Positionally speaking, if any event is already more likely than the counterpart, vertical 'hand insensitive' spots considered shoe per shoe will be even more likely or not, meaning that shoe single digit numbers will deviate from a supposedly perfect random world.

Acting this way we're discarding most of the strong unlikely deviated situations being the heaven for recreational players and the hell for serious long term winners. As they are constituting few spots along the shoe number formation.

Moreover an interesting study has found out that rare events tend to come out in clusters then declining in probability.
The authors of this study claimed that such findings wouldn't get an advantage over gambling games.
We disagree. 

as.

I think that in the complicated gambling world people raised their expertise in different fields, about managing worst drawdowns you seem to be very prepared.

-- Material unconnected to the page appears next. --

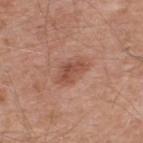{"biopsy_status": "not biopsied; imaged during a skin examination", "site": "upper back", "patient": {"sex": "male", "age_approx": 55}, "image": {"source": "total-body photography crop", "field_of_view_mm": 15}}

And btw, anyone stating that random successions can be controlled in player's favor no matter what, should get more emphasis than those saying that a game is not so random thus potentially producing a player's edge.
So congratulations are for you.

It's a fact that baccarat scholars like to stay on their findings, without trying to get inputs from  other players to possibly improve their strategy. And this is a pity, imo.

I still consider baccarat as a finite unrandom and multiple factor asymmetrical game; but those features on average will be very slight placed, and not happening valuably at every shoe dealt.

If a MM might get the best of it by wagering every shoe dealt, well chapeau!, yet I prefer to win by a strict flat betting procedure. That's all.

as.

Hi Alba!


1. Flat betting will be done, which is bound to lose as you can not find any logic to get more wins than losses in Player, in the long run or way to offset house fees if you choose Banker.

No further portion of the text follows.